After the waitress left, Magnus Shapiro placed his elbows on the table and pursued a line of question. “Tell me. Can you control my actions?”
“I can control your movements.”
“The difference?”
“I can possess your body and make people think I’m you. And when I’m there, I can either give you my body, force you to be a passenger, or put your mind to sleep. But, I can’t change your thoughts, so you’ll notice a time shift if I take full control. My ability to read minds is just a required secondary power, and I don’t use it that often. People have messed up thoughts.”

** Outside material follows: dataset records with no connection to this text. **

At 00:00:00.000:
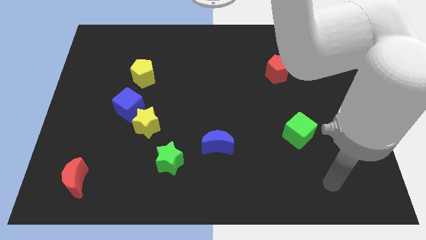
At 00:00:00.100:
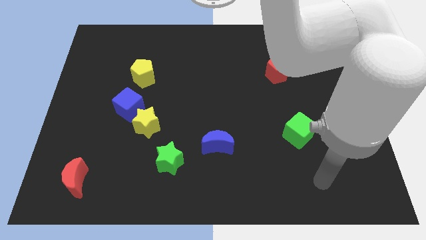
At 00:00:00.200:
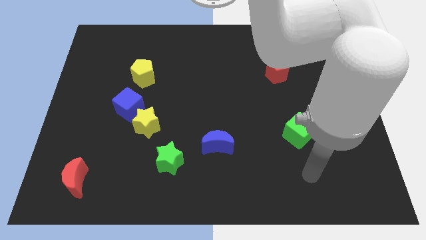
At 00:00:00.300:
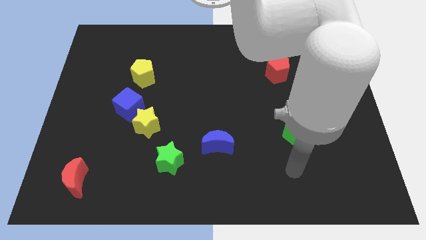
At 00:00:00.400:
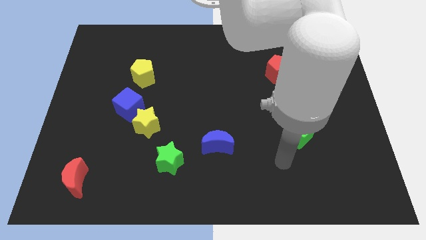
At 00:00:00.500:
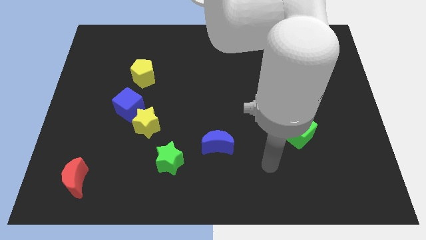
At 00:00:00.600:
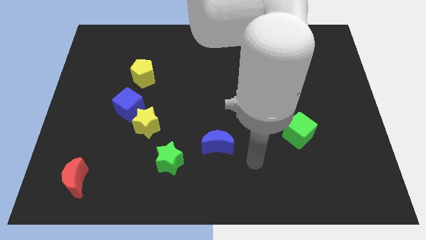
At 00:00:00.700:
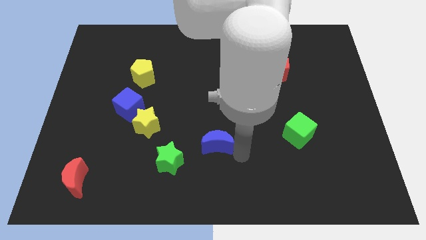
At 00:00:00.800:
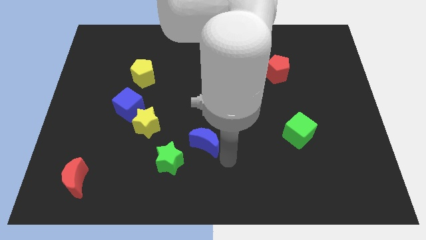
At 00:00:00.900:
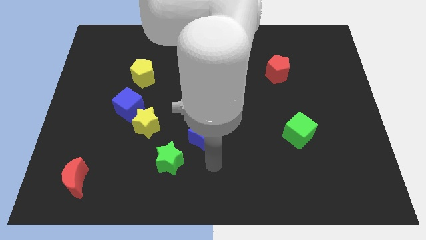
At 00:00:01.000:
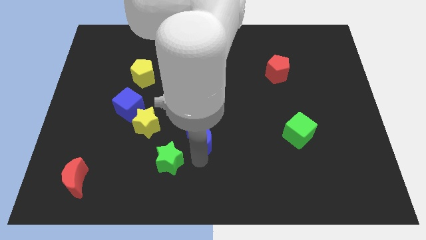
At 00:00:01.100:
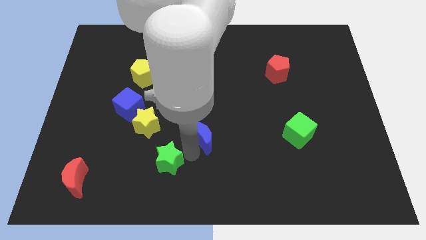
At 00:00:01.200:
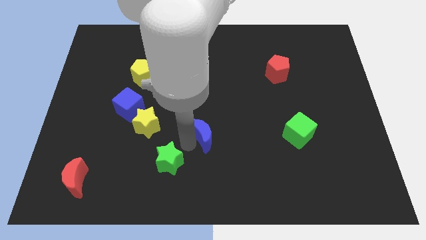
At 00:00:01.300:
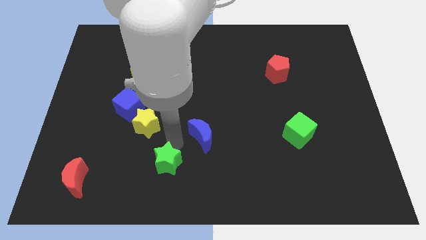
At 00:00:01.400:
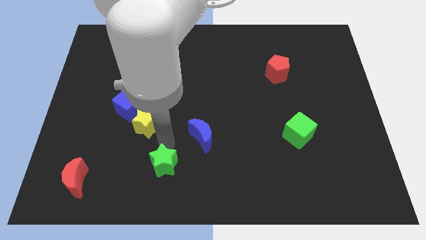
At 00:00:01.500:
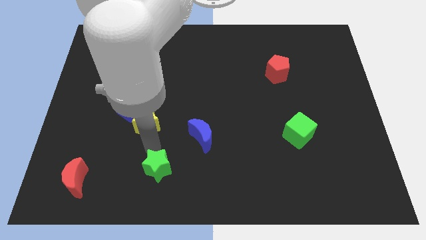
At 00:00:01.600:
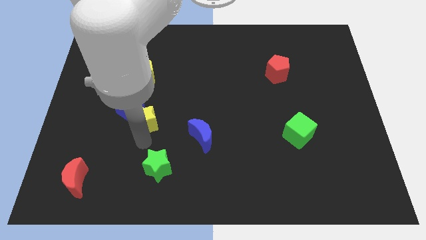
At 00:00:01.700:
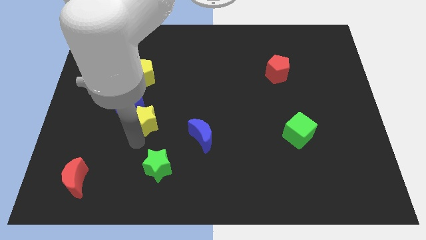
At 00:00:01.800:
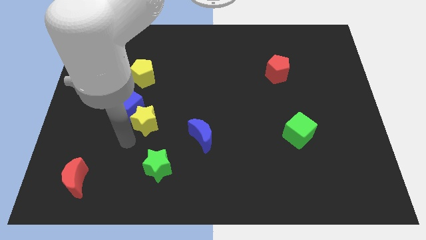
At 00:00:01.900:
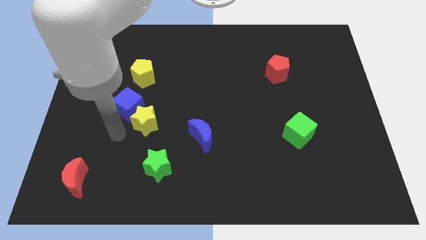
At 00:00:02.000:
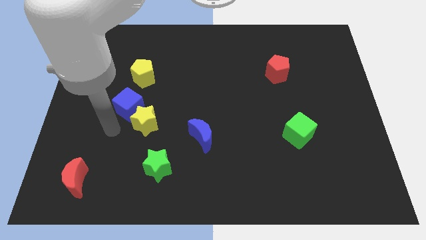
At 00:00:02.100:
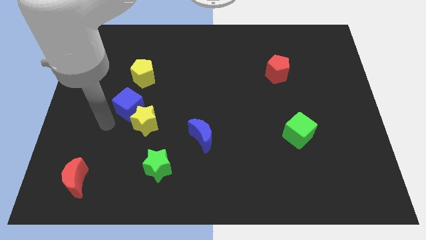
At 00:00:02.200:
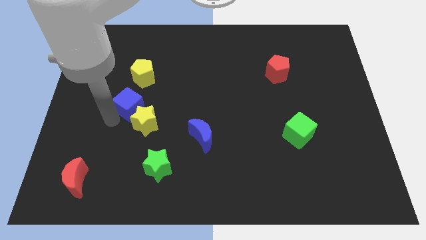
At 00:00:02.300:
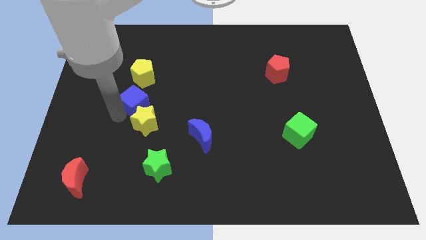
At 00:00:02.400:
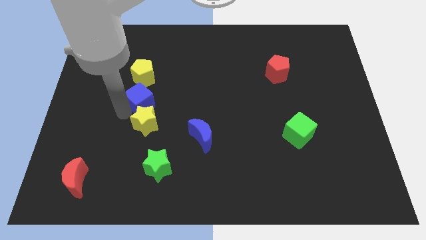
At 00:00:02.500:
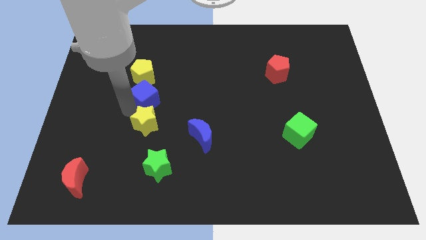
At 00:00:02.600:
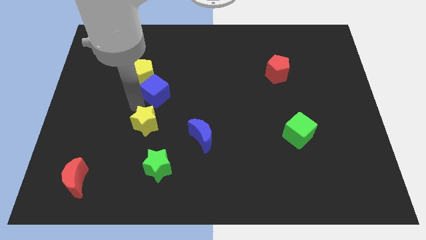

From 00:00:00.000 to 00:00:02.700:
slightly slide the blue cube up and to the right diagonally

“Fascinating. And you, Mister Wescott?”
“I can learn what others know just by being around them. I can’t read their minds, but I absorb their knowledge after I’ve been around them for long enough. There are downsides to this. I crave the knowledge to a greater level than you crave tomato soup, and everyone has to be conscious for it, which means that I don’t get a lot of sleep. I was hoping you could somehow teach me self-restraint and discipline.”
Magnus Shapiro, who insisted they call him Dathan from then on, nodded his head and processed the information. “Due to my—honestly, there is no subtler way to put this—superior intelligence, I intuited that there were others, but what you’re implying is not what I predicted.”
“What did you expect?” Denton asked.
Dathan went on, “I assumed that others like me would simply be either more or less intelligent than I. My theory was that, if we could harness our brain power more effectively, we could do anything within the laws of physics; but all laws would remain at a constant. If Subject A is telepathic, and Subject B is empathic, it simply means that Subject B has not yet learned telepathy, and also that Subject A must necessarily be empathic as well. But you two have latched on to niches. I have no reason to believe that you, Starla could one day absorb knowledge passively. Likewise, I can’t imagine that Denton would ever be capable transferring his consciousness to others.”
“Because we’re too dumb for it?” Starla asked.
Denton laughed. “No. He’s saying that it’s not about how smart we are. The fact that the three of us present completely different abilities suggests that something else is the cause. We’re not dumb, but we aren’t this way because we’re smarter. We’re this way because our genetic code is different than that of normal people.”
“Yes,” Dathan responded, this time not concerned that the waitress could hear them. “What I want to know is why. The only reason organisms evolve is because certain individuals in a generation possess a random mutation that turns out to be beneficial to their survival. They pass on these genes either because they live long enough to propagate their species—to the disappointment of those without the mutation—or because potential mates find the mutation in question to be desirable, to the frustration of less desirable rivals.”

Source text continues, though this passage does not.